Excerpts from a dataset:
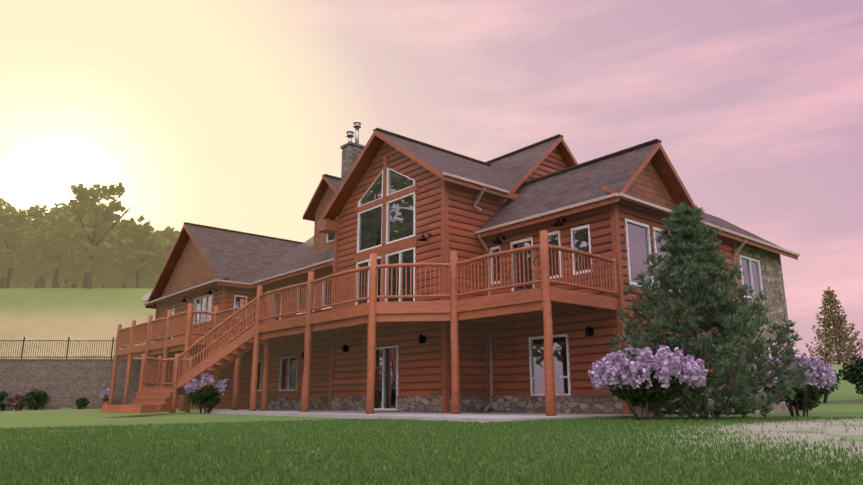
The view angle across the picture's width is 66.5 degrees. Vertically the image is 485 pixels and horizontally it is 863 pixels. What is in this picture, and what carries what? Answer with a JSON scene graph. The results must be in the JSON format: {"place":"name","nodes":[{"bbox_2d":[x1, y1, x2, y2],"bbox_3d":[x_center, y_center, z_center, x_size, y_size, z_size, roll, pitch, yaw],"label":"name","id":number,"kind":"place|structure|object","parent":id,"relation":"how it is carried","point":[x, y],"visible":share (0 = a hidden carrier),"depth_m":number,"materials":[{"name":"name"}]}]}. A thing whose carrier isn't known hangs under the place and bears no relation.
{"place":"outdoors","nodes":[
{"label":"outdoors","id":0,"kind":"place"},
{"bbox_2d":[0,416,862,484],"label":"lawn grass","id":1,"kind":"structure","parent":0,"point":[56,462],"depth_m":6.84,"materials":[{"name":"green plant"}]},
{"bbox_2d":[0,288,862,484],"bbox_3d":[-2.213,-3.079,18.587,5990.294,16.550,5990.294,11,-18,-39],"label":"ground","id":2,"kind":"structure","parent":0,"point":[83,315],"depth_m":19.30,"materials":[{"name":"green plant"}]},
{"bbox_2d":[0,337,149,410],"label":"retaining wall","id":3,"kind":"structure","parent":2,"relation":"on","point":[65,383],"depth_m":35.07,"materials":[{"name":"grey stone"}]},
{"bbox_2d":[0,182,179,288],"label":"hill trees","id":4,"kind":"object","parent":2,"relation":"on","point":[85,241],"visible":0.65,"depth_m":55.78,"materials":[{"name":"green plant"}]},
{"bbox_2d":[101,230,618,415],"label":"deck stair railings","id":5,"kind":"object","parent":2,"relation":"on","point":[546,301],"depth_m":19.18,"materials":[{"name":"brown wood"}]},
{"bbox_2d":[206,409,650,422],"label":"patio slab","id":6,"kind":"structure","parent":2,"relation":"on","point":[481,417],"depth_m":16.00,"materials":[{"name":"concrete"}]},
{"bbox_2d":[0,355,862,410],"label":"hedge shrubs","id":7,"kind":"object","parent":2,"relation":"on","point":[852,374],"visible":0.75,"depth_m":33.34,"materials":[{"name":"green plant"}]},
{"bbox_2d":[183,344,836,420],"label":"flowering bushes","id":8,"kind":"object","parent":2,"relation":"on","point":[645,379],"visible":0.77,"depth_m":12.92,"materials":[{"name":"purple plant"}]},
{"bbox_2d":[604,202,812,418],"bbox_3d":[5.908,1.548,14.579,5.188,5.075,4.470,11,-18,-39],"label":"pine tree","id":9,"kind":"object","parent":2,"relation":"on","point":[725,357],"visible":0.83,"depth_m":13.88,"materials":[{"name":"green plant"}]},
{"bbox_2d":[805,287,862,364],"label":"distant conifer","id":10,"kind":"object","parent":2,"relation":"on","point":[839,330],"visible":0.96,"depth_m":50.32,"materials":[{"name":"green plant"}]},
{"bbox_2d":[0,0,862,364],"label":"sky","id":11,"kind":"structure","parent":0,"point":[225,114],"materials":[{"name":"pink"}]},
{"bbox_2d":[148,142,798,415],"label":"house walls","id":12,"kind":"structure","parent":0,"point":[449,217],"depth_m":20.28,"materials":[{"name":"brown wood"}]},
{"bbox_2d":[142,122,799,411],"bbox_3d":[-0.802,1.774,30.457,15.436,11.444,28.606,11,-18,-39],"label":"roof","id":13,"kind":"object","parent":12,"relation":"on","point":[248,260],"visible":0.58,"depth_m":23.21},
{"bbox_2d":[170,156,780,410],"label":"windows","id":14,"kind":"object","parent":12,"relation":"in","point":[386,212],"visible":0.75,"depth_m":21.38,"materials":[{"name":"clear glass"}]}
]}

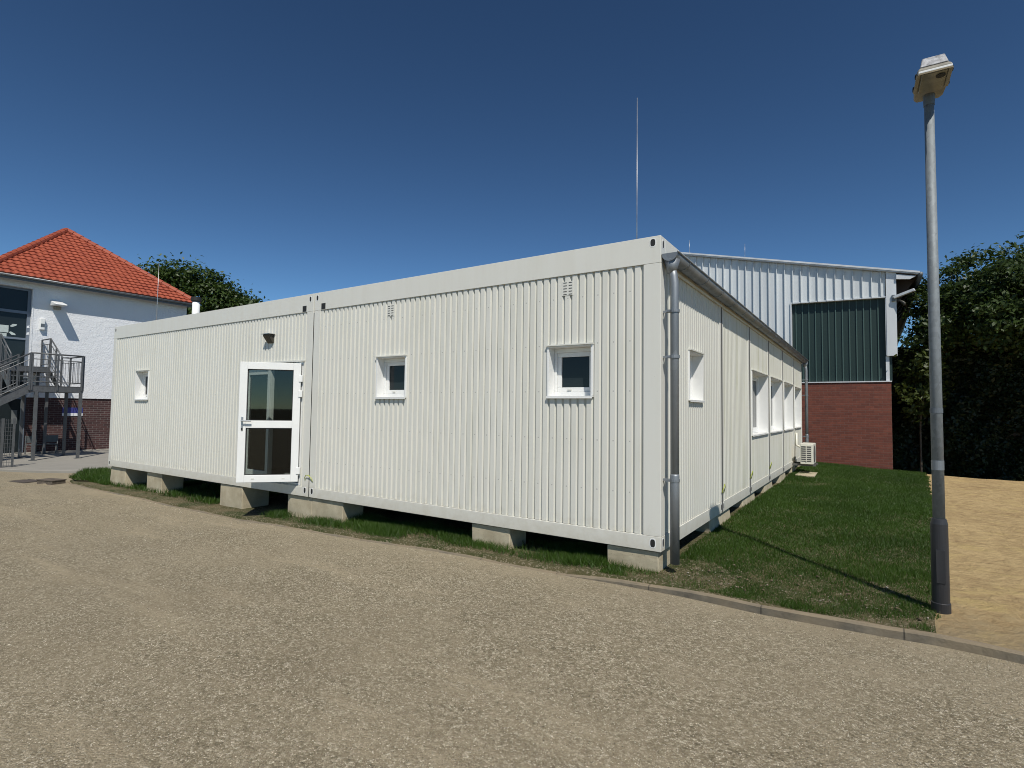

_What you are asked to do_: If pictures appear among the records, do not carry them over; retype the rest exactly.

_Solved exercise_:
The view angle across the picture's width is 66.5 degrees. Vertically the image is 485 pixels and horizontally it is 863 pixels. What is in this picture, and what carries what? Answer with a JSON scene graph. The results must be in the JSON format: {"place":"name","nodes":[{"bbox_2d":[x1, y1, x2, y2],"bbox_3d":[x_center, y_center, z_center, x_size, y_size, z_size, roll, pitch, yaw],"label":"name","id":number,"kind":"place|structure|object","parent":id,"relation":"how it is carried","point":[x, y],"visible":share (0 = a hidden carrier),"depth_m":number,"materials":[{"name":"name"}]}]}. A thing whose carrier isn't known hangs under the place and bears no relation.
{"place":"outdoors","nodes":[
{"label":"outdoors","id":0,"kind":"place"},
{"bbox_2d":[0,416,862,484],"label":"lawn grass","id":1,"kind":"structure","parent":0,"point":[56,462],"depth_m":6.84,"materials":[{"name":"green plant"}]},
{"bbox_2d":[0,288,862,484],"bbox_3d":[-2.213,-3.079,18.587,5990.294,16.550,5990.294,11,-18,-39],"label":"ground","id":2,"kind":"structure","parent":0,"point":[83,315],"depth_m":19.30,"materials":[{"name":"green plant"}]},
{"bbox_2d":[0,337,149,410],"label":"retaining wall","id":3,"kind":"structure","parent":2,"relation":"on","point":[65,383],"depth_m":35.07,"materials":[{"name":"grey stone"}]},
{"bbox_2d":[0,182,179,288],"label":"hill trees","id":4,"kind":"object","parent":2,"relation":"on","point":[85,241],"visible":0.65,"depth_m":55.78,"materials":[{"name":"green plant"}]},
{"bbox_2d":[101,230,618,415],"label":"deck stair railings","id":5,"kind":"object","parent":2,"relation":"on","point":[546,301],"depth_m":19.18,"materials":[{"name":"brown wood"}]},
{"bbox_2d":[206,409,650,422],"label":"patio slab","id":6,"kind":"structure","parent":2,"relation":"on","point":[481,417],"depth_m":16.00,"materials":[{"name":"concrete"}]},
{"bbox_2d":[0,355,862,410],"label":"hedge shrubs","id":7,"kind":"object","parent":2,"relation":"on","point":[852,374],"visible":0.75,"depth_m":33.34,"materials":[{"name":"green plant"}]},
{"bbox_2d":[183,344,836,420],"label":"flowering bushes","id":8,"kind":"object","parent":2,"relation":"on","point":[645,379],"visible":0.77,"depth_m":12.92,"materials":[{"name":"purple plant"}]},
{"bbox_2d":[604,202,812,418],"bbox_3d":[5.908,1.548,14.579,5.188,5.075,4.470,11,-18,-39],"label":"pine tree","id":9,"kind":"object","parent":2,"relation":"on","point":[725,357],"visible":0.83,"depth_m":13.88,"materials":[{"name":"green plant"}]},
{"bbox_2d":[805,287,862,364],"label":"distant conifer","id":10,"kind":"object","parent":2,"relation":"on","point":[839,330],"visible":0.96,"depth_m":50.32,"materials":[{"name":"green plant"}]},
{"bbox_2d":[0,0,862,364],"label":"sky","id":11,"kind":"structure","parent":0,"point":[225,114],"materials":[{"name":"pink"}]},
{"bbox_2d":[148,142,798,415],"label":"house walls","id":12,"kind":"structure","parent":0,"point":[449,217],"depth_m":20.28,"materials":[{"name":"brown wood"}]},
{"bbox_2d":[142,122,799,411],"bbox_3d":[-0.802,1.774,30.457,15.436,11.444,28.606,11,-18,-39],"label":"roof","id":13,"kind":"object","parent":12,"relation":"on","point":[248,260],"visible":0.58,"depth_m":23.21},
{"bbox_2d":[170,156,780,410],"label":"windows","id":14,"kind":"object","parent":12,"relation":"in","point":[386,212],"visible":0.75,"depth_m":21.38,"materials":[{"name":"clear glass"}]}
]}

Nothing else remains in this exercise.